Contrôles au faciès : ensemble, six ONG saisissent la justice contre l'État
Les associations réclament notamment la modification du code de procédure pénale pour "interdire explicitement la discrimination dans les contrôles d'identité".
Après avoir mis en demeure le gouvernement français d'engager des "réformes structurelles" pour faire cesser les contrôles policiers au faciès, un collectif composé de six ONG a décidé jeudi de saisir le Conseil d'État afin d'obtenir gain de cause.
La démarche est inédite en France : un collectif d'associations saisit la justice, jeudi 22 juillet, à travers une action de groupe pour enjoindre l'État à cesser les "contrôles d'identité discriminatoires" par la police.
Cette procédure, menée par six associations dont Amnesty International et Human Rights Watch, avait été déclenchée en janvier.
Les associations avaient dans un premier temps mis en demeure le gouvernement d'engager des "réformes structurelles" et de "prendre des mesures concrètes" afin de faire cesser ces contrôles.
Les autorités avaient quatre mois pour répondre. Le délai étant arrivé à son terme, les associations passent jeudi à la deuxième étape en déposant leur requête devant le Conseil d'État.
La plus haute juridiction administrative "a ensuite plusieurs façons de procéder", explique Antoine Lyon-Caen, avocat qui porte le dossier avec Mes Slim Ben Achour et Alexandra Denis.
"Il peut demander à l'État ce qu'il compte faire, puis contrôler si les réponses proposées sont satisfaisantes", comme lorsqu'il a été saisi par la commune de Grande-Synthe sur la réduction des émissions de gaz à effet de serre, détaille l'avocat.
"Il peut aussi être plus interventionniste et tracer des lignes en disant : il faut que les choses évoluent sur tel ou tel point", ajoute Me Lyon-Caen.

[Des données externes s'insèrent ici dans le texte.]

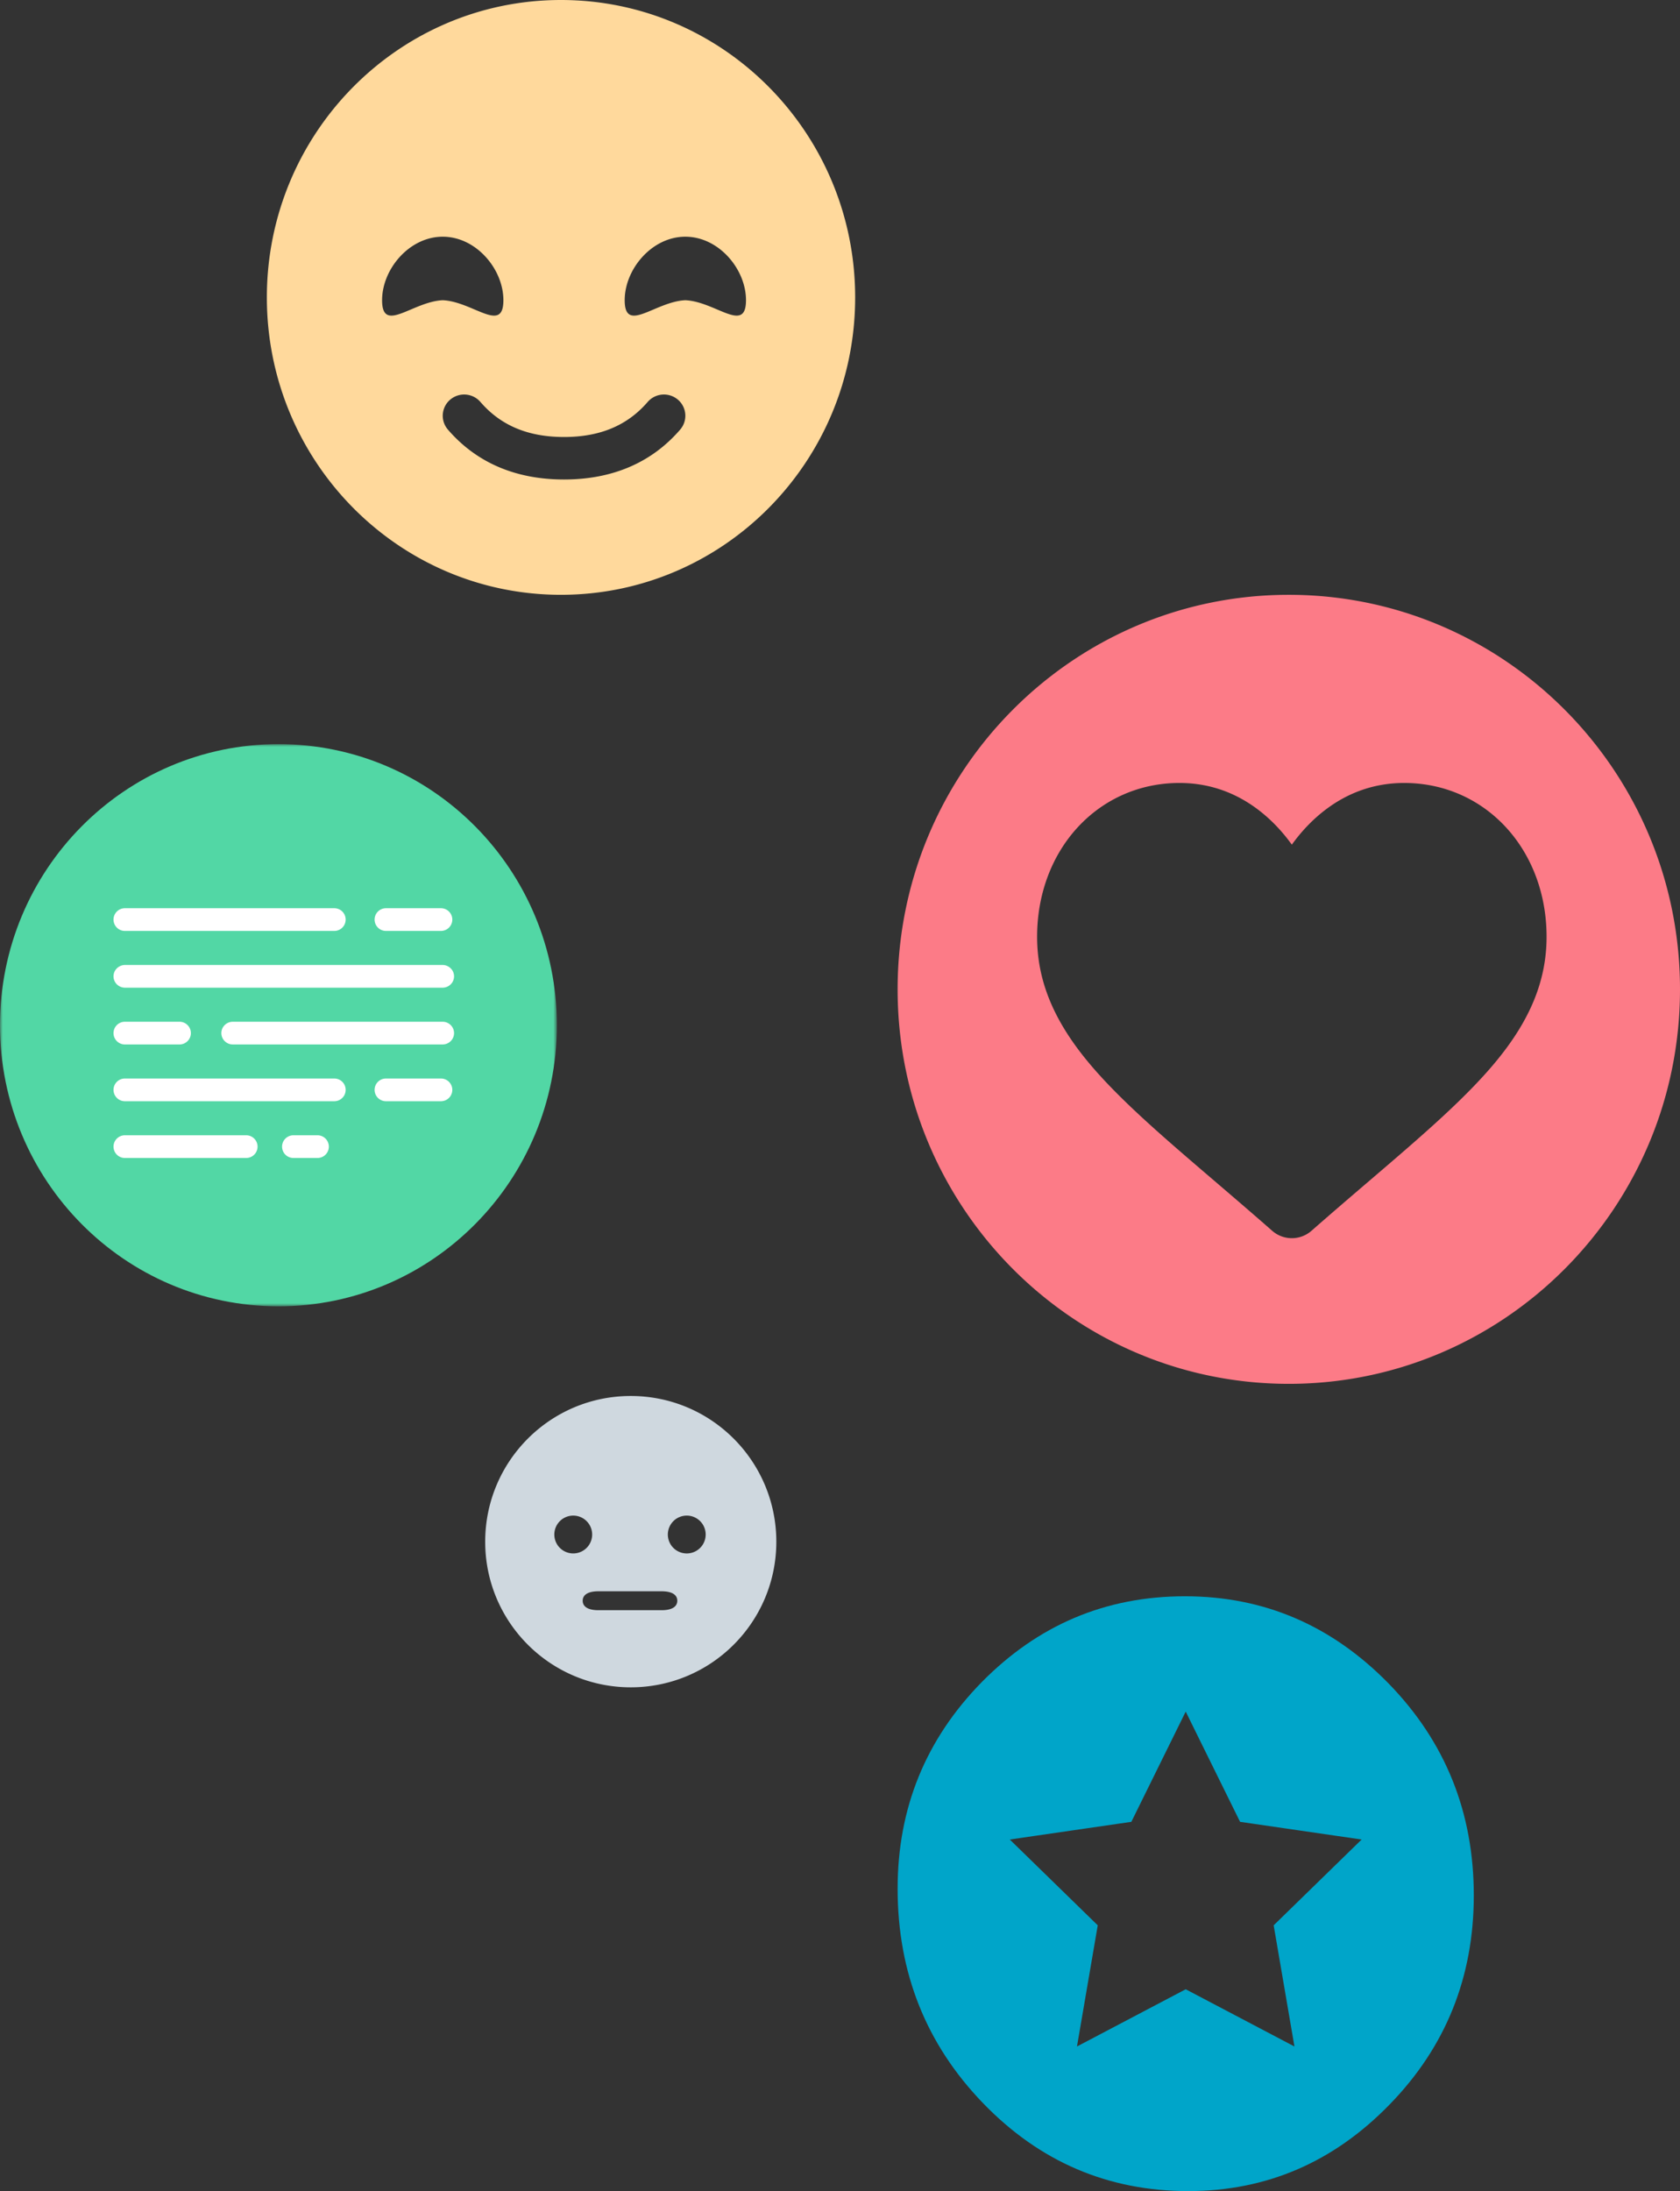 <?xml version="1.0" encoding="UTF-8"?> <svg xmlns="http://www.w3.org/2000/svg" xmlns:xlink="http://www.w3.org/1999/xlink" width="296" height="386"><rect width="100%" height="100%" fill="#333333" stroke="none"/> <defs> <path id="a" d="M0 0h98.11v99.043H0z"></path> </defs> <g fill="none" fill-rule="evenodd"> <g transform="translate(0 131.091)"> <mask id="b" fill="#fff"> <use xlink:href="#a"></use> </mask> <path d="M49.067 0C21.97 0 0 22.168 0 49.522c0 27.35 21.971 49.52 49.068 49.52 27.072 0 49.044-22.17 49.044-49.52C98.11 22.168 76.139 0 49.067 0" fill="#52D7A5" mask="url(#b)"></path> </g> <path d="M111.135 245.928c14.178 0 25.645 11.492 25.645 25.677 0 14.157-11.467 25.647-25.645 25.647-14.181 0-25.648-11.49-25.648-25.647 0-14.185 11.467-25.677 25.648-25.677zm5.42 34.405h-11.11c-2.032 0-2.78.747-2.78 1.667s.747 1.667 2.78 1.667h11.11c2.032 0 2.778-.747 2.778-1.667s-.745-1.667-2.777-1.667zM101 267a3.333 3.333 0 100 6.666 3.333 3.333 0 000-6.666zm20 0a3.334 3.334 0 100 6.668 3.334 3.334 0 000-6.668z" fill="#CFD8DF"></path> <path d="M98.833 0c28.627 0 51.838 23.469 51.838 52.393 0 28.948-23.21 52.394-51.838 52.394-28.606 0-51.815-23.446-51.815-52.394C47.018 23.47 70.227 0 98.833 0zm20.598 70.4a3.792 3.792 0 00-5.317.41c-3.561 4.13-8.371 6.176-14.735 6.176-6.363 0-11.174-2.046-14.734-6.175a3.792 3.792 0 00-5.318-.41 3.722 3.722 0 00-.414 5.276c5.044 5.85 11.967 8.794 20.466 8.794s15.422-2.944 20.466-8.794a3.722 3.722 0 00-.414-5.277zM78.007 41.7c-5.901 0-10.686 5.723-10.686 11.189 0 5.979 5.343.244 10.686 0 5.343.244 10.686 5.979 10.686 0 0-5.466-4.784-11.188-10.686-11.188zm42.744 0c-5.902 0-10.686 5.723-10.686 11.189 0 5.979 5.343.244 10.686 0 5.343.244 10.686 5.979 10.686 0 0-5.466-4.784-11.188-10.686-11.188z" fill="#FFD99C"></path> <path d="M227.076 104.787c38.036 0 68.924 31.115 68.924 69.5 0 38.387-30.888 69.502-68.924 69.502-38.062 0-68.924-31.115-68.924-69.502 0-38.385 30.862-69.5 68.924-69.5zm20.34 33.147c-5.181 0-9.927 1.644-14.104 4.888-2.108 1.638-4.018 3.641-5.702 5.98-1.683-2.338-3.594-4.342-5.702-5.98-4.177-3.244-8.922-4.888-14.104-4.888-6.932 0-13.308 2.787-17.955 7.848-4.59 5.001-7.12 11.834-7.12 19.24 0 7.624 2.83 14.602 8.903 21.962 5.433 6.583 13.243 13.266 22.286 21.005 3.088 2.643 6.588 5.638 10.222 8.829a5.25 5.25 0 006.939.001c3.634-3.191 7.136-6.188 10.226-8.832 9.041-7.738 16.85-14.42 22.284-21.004 6.074-7.36 8.902-14.337 8.902-21.961 0-7.406-2.53-14.239-7.12-19.24-4.647-5.061-11.023-7.848-17.955-7.848z" fill="#FC7B87"></path> <path d="M208.777 281.213c13.96 0 25.9 5.153 35.919 15.405 9.973 10.255 14.972 22.684 14.972 37.29 0 14.416-4.951 26.7-14.827 36.833-9.898 10.182-21.72 15.259-35.486 15.259-14.152 0-26.213-5.175-36.209-15.548-9.97-10.35-14.994-22.928-14.994-37.729 0-14.194 4.951-26.334 14.85-36.417 9.9-10.038 21.791-15.093 35.775-15.093zm.133 20.316l-9.579 19.42-21.418 3.115 15.498 15.116-3.658 21.345 19.157-10.078 19.157 10.078-3.659-21.345 15.499-15.116-21.419-3.115-9.578-19.42z" fill="#00A5C9"></path> <path d="M68 164h9.692a2 2 0 100-4H68a2 2 0 100 4zm-46 0h36.902a2 2 0 100-4H22a2 2 0 100 4zm46 30h9.692a2 2 0 100-4H68a2 2 0 100 4zm-46 0h36.902a2 2 0 100-4H22a2 2 0 100 4zm9.63-10H22a2 2 0 110-4h9.63a2 2 0 110 4zm46.354 0H41.016A2.008 2.008 0 0139 182c0-1.105.903-2 2.016-2h36.968c1.113 0 2.016.895 2.016 2s-.903 2-2.016 2zm-55.95-10h55.932c1.123 0 2.034-.895 2.034-2s-.91-2-2.034-2H22.034c-1.123 0-2.034.895-2.034 2s.91 2 2.034 2zM22 204h21.379a2 2 0 100-4H22a2 2 0 100 4zm29.697 0h4.242a2 2 0 100-4h-4.242a2 2 0 100 4z" fill="#FFF" fill-rule="nonzero"></path> </g> </svg>

Dans leur requête, les associations réclament notamment la modification du code de procédure pénale pour "interdire explicitement la discrimination dans les contrôles d'identité" ou encore mettre à disposition "de toute personne contrôlée une preuve de contrôle", sur le modèle du récépissé.
Leur procédure s'inspire d'un précédent américain : en 2013, après une "class action", la justice américaine avait "décidé de transformer la pratique policière des contrôles d'identité dans l'État de New York, ça a conduit à une baisse draconienne des contrôles", explique Me Lyon Caen.
"Sentiment d'exclusion"
Leur requête, qui compte 450 pages, s'appuie aussi sur des témoignages, des études ou des procédures françaises documentant ces discriminations.
La dernière en date remonte à juin avec la condamnation de l'État pour le contrôle d'identité, jugé "discriminatoire" par la cour d'appel de Paris, de trois lycéens de Seine-Saint-Denis par des policiers à Gare du Nord, en 2017.
Déjà en 2016, la Cour de cassation avait pour la première fois définitivement condamné l'État pour des contrôles d'identité dits "au faciès".
"C'est quelque chose qui revient très souvent dans les histoires des jeunes hommes particulièrement", explique Issa Coulibaly, président de Pazapas Belleville, autre association partie prenante de la procédure. Ce type de contrôles a "des impacts forts sur leur sentiment d'exclusion, avec l'impression de ne pas être des Français à part entière parce que traités différemment", détaille-t-il.
En janvier 2017, un rapport du Défenseur des droits avait conclu qu'un "jeune homme perçu comme noir ou arabe (...) a une probabilité 20 fois plus élevée" d'être contrôlé que l'ensemble du reste de la population.
"Aujourd'hui quand on a une couleur de peau qui n'est pas blanche, on est beaucoup plus contrôlé (..) On est identifié comme un facteur de problème et c'est insoutenable", avait reconnu le président Macron lors d'une interview à Brut en décembre 2020.
Les syndicats de policiers avaient vertement réagi à ces déclarations, en rejetant les accusations de racisme et en appelant à cesser complètement les contrôles d'identité.
"C'est un sujet qui a avancé : on en parle plus qu'avant mais en termes de solutions, on est au point zéro", estime Issa Coulibaly. "C'est pour cela que nous avons décidé de passer, de manière collective, par le droit, qui peut peut-être contraindre l'État à mettre en place les mesures que beaucoup proposent depuis des années et qui existent dans d'autres pays", justifie le militant associatif.